重要なポジションではありますが、日本ではまだまだ普及しているエンジニアの種類ではありません。今回は需要が高まりつつあるリードエンジニアとはどのような役割であり、どのスキルが必要とされるのか、そして将来性は明るいのかを解説します。
リードエンジニアとは
リードエンジニアは開発現場においてリーダー的なポジションに該当するエンジニアです。リーダー寄りのポジションであることから、一般的なエンジニアと役割が少々異なります。例えば、開発を中心とするのではなく、他のエンジニアが開発したものをレビューする立場になるのです。
似たようなポジションに「開発リーダー」と呼ばれるものもあります。どちらも日本では明確な基準や定義がなく、ほぼ同じようなポジションと考えてよいでしょう。「リード」も「リーダー」も語源は同じであるため、開発リーダーもリードエンジニアもほぼ同じです。
リードエンジニアの担当業務
リードエンジニアの担当業務は一般的なエンジニアと似ている部分が多くあります。ただ、リーダー的なポジションということもあり、部分的には異なっているため、その点を踏まえて解説します。
システム設計
一般的なシステムエンジニアと同様にシステム設計を担当します。要件定義や基本設計・詳細設計において、クライアントからシステムの要件を引き出して文章化する仕事です。クライアントはアバウトな要件しか持っていないことが多く、そこから具体的に要件を定めていきます。
システムエンジニアに加えてリードエンジニアも必要とされる理由は、設計に失敗すると開発に大きな影響が出るからです。エンジニアやプログラマーは設計書をもとに開発するため、システム設計の誤りは許されません。そのため、リードエンジニアのように経験が豊富なエンジニアが参画してシステム設計をサポートします。
ただ、実際にクライアントと一緒にシステム設計を担当するとは限りません。他のエンジニアが設計したものを有識者としてレビューすることもあります。これは内容やプロジェクトの方針などに左右される部分です。
コードレビュー
システムの品質を担保するためにコードレビューを担当します。リードエンジニアはチームを率いる立場として品質を担保する必要があるため、スキルの高いエンジニアとしてコードレビューを担うのです。
基本的にはシステムが開発されてから、基準に沿ってコードレビューを進めます。例えば、「変数の名称は適切に設定されているか」「インデントに誤りはないか」などを評価するのです。また、システムの動作に影響する
部分である「分岐に問題はないか」「デッドロックが起きる実装はないか」なども評価します。
ただ、細かな部分についてはコードレビューではなく、単体テストで評価する流れが一般的です。つまり、コードレビューでは内部的な部分よりも体裁的な部分が多くなっています。
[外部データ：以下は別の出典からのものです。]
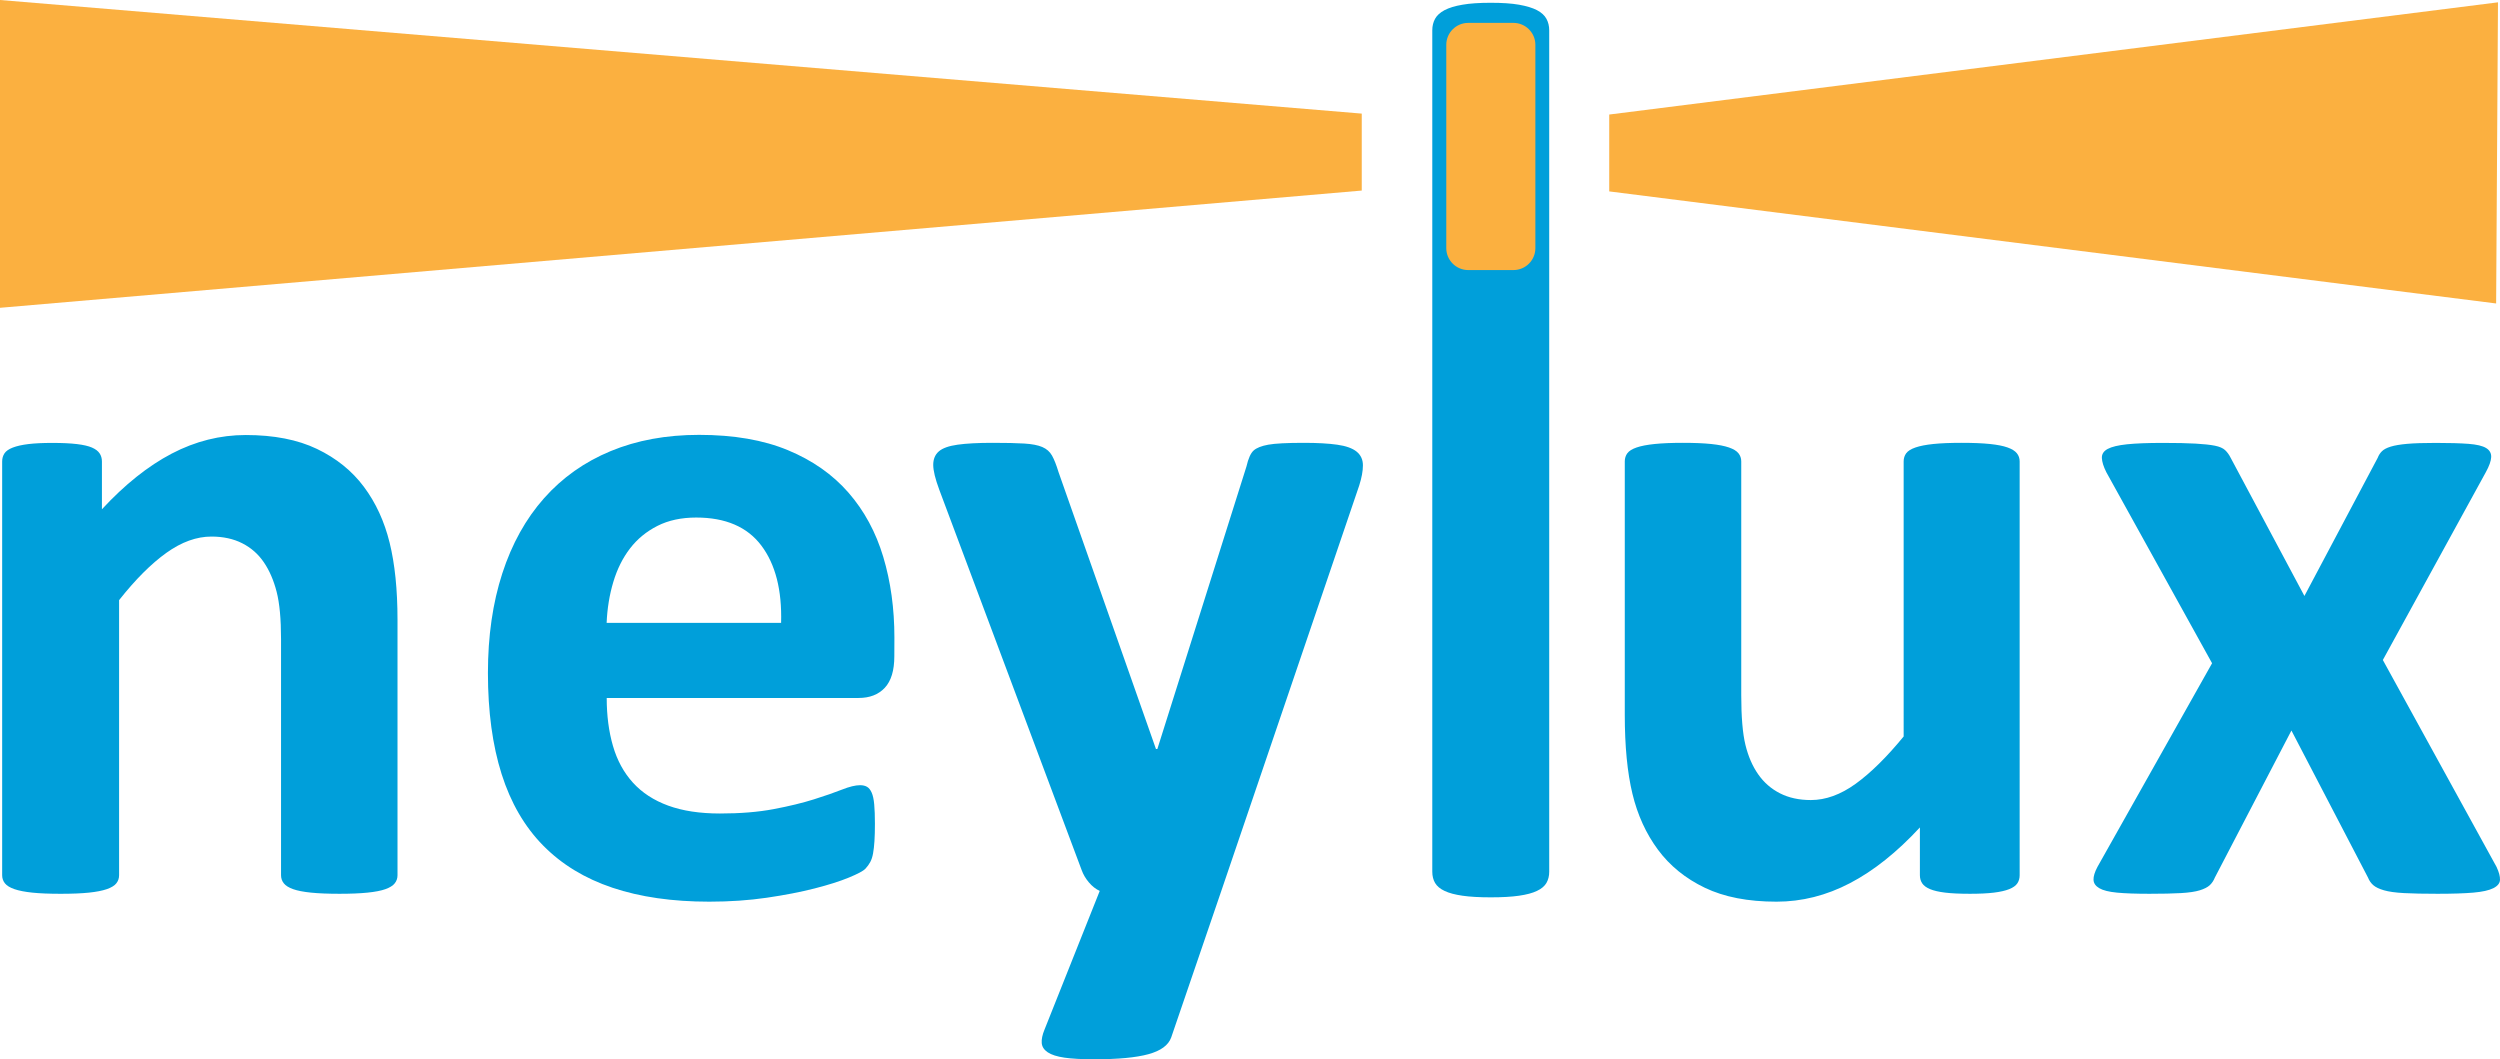 <?xml version="1.0" encoding="utf-8"?>
<!-- Generator: Adobe Illustrator 24.0.2, SVG Export Plug-In . SVG Version: 6.00 Build 0)  -->
<svg version="1.1" id="Ebene_1" xmlns="http://www.w3.org/2000/svg" xmlns:xlink="http://www.w3.org/1999/xlink" x="0px" y="0px"
	 viewBox="0 0 323.26 136.97" style="enable-background:new 0 0 323.26 136.97;" xml:space="preserve">
<style type="text/css">
	.st0{fill:#009FDA;}
	.st1{fill:#FBB040;}
</style>
<g>
	<path class="st0" d="M51.4,113.17c0,0.4-0.12,0.75-0.36,1.05s-0.64,0.55-1.2,0.75s-1.33,0.35-2.31,0.45s-2.19,0.15-3.63,0.15
		c-1.48,0-2.71-0.05-3.69-0.15s-1.75-0.25-2.31-0.45s-0.96-0.45-1.2-0.75c-0.24-0.3-0.36-0.65-0.36-1.05V82.64
		c0-2.6-0.19-4.64-0.57-6.12c-0.38-1.48-0.93-2.75-1.65-3.81s-1.65-1.88-2.79-2.46s-2.47-0.87-3.99-0.87c-1.92,0-3.86,0.7-5.82,2.1
		c-1.96,1.4-4,3.44-6.12,6.12v35.57c0,0.4-0.12,0.75-0.36,1.05s-0.65,0.55-1.23,0.75c-0.58,0.2-1.35,0.35-2.31,0.45
		s-2.18,0.15-3.66,0.15s-2.7-0.05-3.66-0.15s-1.73-0.25-2.31-0.45s-0.99-0.45-1.23-0.75c-0.24-0.3-0.36-0.65-0.36-1.05v-53.5
		c0-0.4,0.1-0.75,0.3-1.05s0.56-0.55,1.08-0.75s1.19-0.35,2.01-0.45c0.82-0.1,1.85-0.15,3.09-0.15c1.28,0,2.34,0.05,3.18,0.15
		s1.49,0.25,1.95,0.45c0.46,0.2,0.79,0.45,0.99,0.75c0.2,0.3,0.3,0.65,0.3,1.05v6.18c2.96-3.2,5.97-5.6,9.03-7.2s6.25-2.4,9.57-2.4
		c3.64,0,6.71,0.6,9.21,1.8c2.5,1.2,4.52,2.83,6.06,4.89c1.54,2.06,2.65,4.47,3.33,7.23s1.02,6.08,1.02,9.96L51.4,113.17
		L51.4,113.17z"/>
	<path class="st0" d="M115.64,84.85c0,1.84-0.41,3.2-1.23,4.08c-0.82,0.88-1.95,1.32-3.39,1.32H78.45c0,2.28,0.27,4.35,0.81,6.21
		s1.4,3.44,2.58,4.74s2.7,2.29,4.56,2.97s4.09,1.02,6.69,1.02c2.64,0,4.96-0.19,6.96-0.57s3.73-0.8,5.19-1.26
		c1.46-0.46,2.67-0.88,3.63-1.26s1.74-0.57,2.34-0.57c0.36,0,0.66,0.07,0.9,0.21c0.24,0.14,0.44,0.39,0.6,0.75s0.27,0.87,0.33,1.53
		s0.09,1.49,0.09,2.49c0,0.88-0.02,1.63-0.06,2.25s-0.1,1.15-0.18,1.59s-0.2,0.81-0.36,1.11c-0.16,0.3-0.37,0.59-0.63,0.87
		s-0.97,0.66-2.13,1.14s-2.64,0.95-4.44,1.41s-3.86,0.86-6.18,1.2c-2.32,0.34-4.8,0.51-7.44,0.51c-4.76,0-8.93-0.6-12.51-1.8
		c-3.58-1.2-6.57-3.02-8.97-5.46s-4.19-5.52-5.37-9.24s-1.77-8.08-1.77-13.08c0-4.76,0.62-9.05,1.86-12.87s3.04-7.06,5.4-9.72
		s5.23-4.69,8.61-6.09c3.38-1.4,7.19-2.1,11.43-2.1c4.48,0,8.31,0.66,11.49,1.98s5.79,3.15,7.83,5.49c2.04,2.34,3.54,5.11,4.5,8.31
		s1.44,6.68,1.44,10.44L115.64,84.85L115.64,84.85z M101,80.54c0.12-4.24-0.73-7.57-2.55-9.99c-1.82-2.42-4.63-3.63-8.43-3.63
		c-1.92,0-3.59,0.36-5.01,1.08s-2.6,1.69-3.54,2.91s-1.66,2.66-2.16,4.32s-0.79,3.43-0.87,5.31H101z"/>
	<path class="st0" d="M157.92,115.2l-6.48,18.95c-0.36,1-1.34,1.72-2.94,2.16s-3.94,0.66-7.02,0.66c-1.6,0-2.88-0.07-3.84-0.21
		c-0.96-0.14-1.68-0.37-2.16-0.69s-0.74-0.72-0.78-1.2s0.08-1.06,0.36-1.74l7.14-17.93c-0.52-0.24-0.99-0.61-1.41-1.11
		s-0.73-1.03-0.93-1.59l-18.41-49.18c-0.52-1.4-0.78-2.47-0.78-3.21s0.24-1.32,0.72-1.74c0.48-0.42,1.29-0.71,2.43-0.87
		c1.14-0.16,2.65-0.24,4.53-0.24c1.72,0,3.08,0.03,4.08,0.09s1.78,0.21,2.34,0.45c0.56,0.24,0.98,0.61,1.26,1.11
		s0.56,1.21,0.84,2.13l12.6,35.81h0.18l11.52-36.53c0.24-1.04,0.55-1.73,0.93-2.07s1.01-0.59,1.89-0.75s2.42-0.24,4.62-0.24
		c1.72,0,3.15,0.08,4.29,0.24s1.98,0.46,2.52,0.9c0.54,0.44,0.81,1.03,0.81,1.77s-0.16,1.61-0.48,2.61L157.92,115.2z"/>
	<path class="st0" d="M261.15,113.17c0,0.4-0.1,0.75-0.3,1.05c-0.2,0.3-0.55,0.55-1.05,0.75s-1.16,0.35-1.98,0.45
		s-1.85,0.15-3.09,0.15c-1.32,0-2.39-0.05-3.21-0.15c-0.82-0.1-1.47-0.25-1.95-0.45s-0.82-0.45-1.02-0.75
		c-0.2-0.3-0.3-0.65-0.3-1.05v-6.18c-2.96,3.2-5.97,5.6-9.03,7.2s-6.23,2.4-9.51,2.4c-3.68,0-6.77-0.6-9.27-1.8
		s-4.52-2.84-6.06-4.92c-1.54-2.08-2.64-4.49-3.3-7.23c-0.66-2.74-0.99-6.15-0.99-10.23V59.66c0-0.4,0.11-0.75,0.33-1.05
		s0.62-0.55,1.2-0.75c0.58-0.2,1.36-0.35,2.34-0.45s2.19-0.15,3.63-0.15c1.48,0,2.7,0.05,3.66,0.15s1.73,0.25,2.31,0.45
		s0.99,0.45,1.23,0.75c0.24,0.3,0.36,0.65,0.36,1.05v30.23c0,2.8,0.18,4.94,0.54,6.42c0.36,1.48,0.91,2.75,1.65,3.81
		s1.68,1.88,2.82,2.46s2.47,0.87,3.99,0.87c1.92,0,3.85-0.7,5.79-2.1s4.01-3.44,6.21-6.12V59.66c0-0.4,0.11-0.75,0.33-1.05
		s0.62-0.55,1.2-0.75c0.58-0.2,1.35-0.35,2.31-0.45s2.18-0.15,3.66-0.15s2.7,0.05,3.66,0.15c0.96,0.1,1.72,0.25,2.28,0.45
		s0.96,0.45,1.2,0.75c0.24,0.3,0.36,0.65,0.36,1.05L261.15,113.17L261.15,113.17z"/>
	<path class="st0" d="M322.81,112.09c0.32,0.68,0.47,1.24,0.45,1.68c-0.02,0.44-0.31,0.8-0.87,1.08s-1.42,0.47-2.58,0.57
		c-1.16,0.1-2.7,0.15-4.62,0.15c-1.8,0-3.25-0.03-4.35-0.09s-1.96-0.18-2.58-0.36s-1.08-0.4-1.38-0.66s-0.53-0.59-0.69-0.99
		l-9.9-19.01l-9.9,19.01c-0.16,0.4-0.38,0.73-0.66,0.99c-0.28,0.26-0.71,0.48-1.29,0.66c-0.58,0.18-1.39,0.3-2.43,0.36
		s-2.4,0.09-4.08,0.09c-1.76,0-3.16-0.05-4.2-0.15c-1.04-0.1-1.8-0.29-2.28-0.57c-0.48-0.28-0.73-0.64-0.75-1.08
		c-0.02-0.44,0.15-1,0.51-1.68l14.82-26.33l-13.68-24.71c-0.36-0.72-0.55-1.33-0.57-1.83s0.23-0.89,0.75-1.17s1.35-0.48,2.49-0.6
		s2.69-0.18,4.65-0.18c1.76,0,3.17,0.03,4.23,0.09s1.89,0.15,2.49,0.27s1.04,0.31,1.32,0.57s0.52,0.59,0.72,0.99l9.54,17.87
		l9.48-17.87c0.12-0.32,0.3-0.6,0.54-0.84s0.62-0.44,1.14-0.6s1.23-0.28,2.13-0.36s2.13-0.12,3.69-0.12c1.76,0,3.17,0.04,4.23,0.12
		s1.82,0.26,2.28,0.54s0.68,0.67,0.66,1.17s-0.25,1.15-0.69,1.95l-13.32,24.29L322.81,112.09z"/>
</g>
<g>
	<path class="st0" d="M200.32,112.72c0,0.55-0.12,1.03-0.36,1.45c-0.24,0.41-0.65,0.76-1.23,1.03c-0.58,0.28-1.35,0.48-2.31,0.62
		c-0.96,0.14-2.18,0.21-3.66,0.21s-2.7-0.07-3.66-0.21c-0.96-0.14-1.73-0.34-2.31-0.62c-0.58-0.27-0.99-0.62-1.23-1.03
		c-0.24-0.41-0.36-0.9-0.36-1.45V3.92c0-0.55,0.12-1.05,0.36-1.49s0.65-0.81,1.23-1.12c0.58-0.3,1.35-0.54,2.31-0.7
		c0.96-0.17,2.18-0.25,3.66-0.25s2.7,0.08,3.66,0.25s1.73,0.4,2.31,0.7s0.99,0.68,1.23,1.12c0.24,0.44,0.36,0.94,0.36,1.49V112.72z"
		/>
</g>
<path class="st1" d="M195.7,34.92h-5.86c-1.56,0-2.83-1.28-2.83-2.83V5.79c0-1.56,1.28-2.83,2.83-2.83h5.86
	c1.56,0,2.83,1.28,2.83,2.83v26.3C198.53,33.65,197.26,34.92,195.7,34.92z"/>
<polygon class="st1" points="176.08,14.69 176.08,24.64 0,39.8 0,0 "/>
<polygon class="st1" points="322.76,39.24 208.08,24.75 208.08,14.81 323,0.3 "/>
</svg>

とはいえ、実装面でレビューすることも多々あるため、そのようなスキルも必要です。
タスクの割り振り
開発チームのリーダー的なポジションであるため、他のエンジニアやプログラマーにタスクの割り振りが必要です。適切な割り振りができなければ開発がスムーズに進まないため、リードエンジニアの重要な仕事だと考えましょう。
例えば、開発スケジュールとエンジニアのスキルを踏まえて、誰にどの開発を担当してもらうか決定します。適切な人にタスクを割り振らないと遅延の原因となってしまうため、エンジニアやプログラマーのスキルを把握して指示を出すのです。指示を出す以前に、それぞれのスキルを把握することが求められます。
また、タスクの割り振りに偏りがないかどうかやスキルのミスマッチがないかどうかも確認しなければなりません。この部分を怠ってしまうと、タスクがスムーズに進まない原因となります。リードエンジニアとして、スムーズに進むようなタスクの割り振りが重要です。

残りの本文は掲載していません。